The above shows that the solution depends on two dimensions of initial conditions.
As an aside, I think the above leads very naturally into the matrix form (that is, a first order system in two variables), relationship to eigenvalues, Jordan form, higher order systems, exponential of a matrix,  etc.

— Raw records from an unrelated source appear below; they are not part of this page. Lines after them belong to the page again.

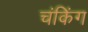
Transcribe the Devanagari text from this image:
चंकिंग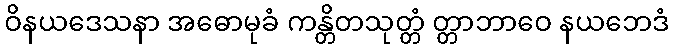
ဝိနယဒေသနာ အဓောမုခံ ကန္တိတသုတ္တံ တ္တာဘာဝေ နယဘေဒံ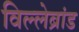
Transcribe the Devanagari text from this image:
विल्लेब्रांड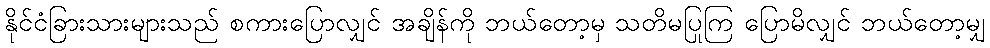
နိုင်ငံခြားသားများသည် စကားပြောလျှင် အချိန်ကို ဘယ်တော့မှ သတိမပြုကြ ပြောမိလျှင် ဘယ်တော့မျှ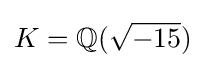
K=\mathbb {Q} ({\sqrt {-15}})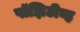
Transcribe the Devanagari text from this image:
पॉझिटीव्ह

It would be appropriate to point out that much of this generalises beyond finite-dimensional LTI systems, but more machinery and assumptions are necessary.
A: Existence and uniqueness
Let's consider
\begin{align*}
    \frac{d}{dt}\bigg[\frac{d}{dt}\bigg(x(t)\,e^{at}\bigg)\,e^{bt}\bigg]
    =0&&(1)
\end{align*}
Then
\begin{align*}
    \frac{d}{d\tau}\bigg(x(\tau)\,e^{a\tau}\bigg)\,e^{b\tau}\bigg|_{t_0}^t
    &=0\\
    \frac{d}{dt}\bigg(x(t)\,e^{at}\bigg)
    &=\dot x(t_0)\,e^{-bt+(a+b)t_0}+a\,x(t_0)\,e^{-bt+(a+b)t_0}
\end{align*}
In order to proceed with further integration, we identify two cases

*

*Case $b=0$
\begin{align*}
    \frac{d}{dt}\bigg(x(t)\,e^{at}\bigg)
    &=\dot x(t_0)\,e^{a t_0}+a\,x(t_0)\,e^{a t_0}\\
    x(t)\,e^{at}
    &=x(t_0)\,e^{at_0}+\dot x(t_0)\,e^{a t_0}\,(t-t_0)+a\,x(t_0)\,e^{a t_0}\,(t-t_0)\\
    x(t)
    &=x(t_0)\,e^{-a(t-t_0)}+\dot x(t_0)\,e^{-a(t-t_0)}\,(t-t_0)+a\,x(t_0)\,e^{-a (t-t_0)}\,(t-t_0)
\end{align*}
Eventually, solution for this case is of the form
$$\boxed{x(t)=(c_1+c_2\,t)\,e^{-at}}$$

*Case $b\neq 0$
\begin{align*}
    \frac{d}{dt}\bigg(x(t)\,e^{at}\bigg)
    &=\dot x(t_0)\,e^{-bt+(a+b)t_0}+a\,x(t_0)\,e^{-bt+(a+b)t_0}\\
    x(t)\,e^{at}
    &=x(t_0)\,e^{at_0}+\dot x(t_0)\,e^{-bt+(a+b)t_0}+a\,x(t_0)\,e^{-bt+(a+b)t_0}\\
    x(t)
    &=x(t_0)\,e^{-a(t-t_0)}-{1\over b}\,\dot x(t_0)\,e^{-a(t-t_0)-b(t-t_0)}-{a\over b}\,x(t_0)\,e^{-a(t-t_0)-b(t-t_0)}
\end{align*}
Eventually, solution for this case is of the form
$$\boxed{x(t)=c_1\,e^{-at}+c_2\,e^{-(a+b)t}}$$
With a few calculations, it's possible to prove that for suitable $a,b$ the original problem can be rewritten as problem (1), so to arrive to its solution in a direct way, and so to prove existence and uniqueness of the solutions found.
Substitutions required are the following
\begin{align*}
    \left\{\begin{matrix}
        a_{1,2}={\bar b \pm \sqrt{\bar b^2-4\,\bar c\bar a}\over 2\bar a}\\
        b_{1,2}=\mp {\sqrt{\bar b^2-4\,\bar c\bar a}\over \bar a}
    \end{matrix}\right.
\end{align*}
where $\bar a,\bar b, \bar c$ are the coefficients of the original problem.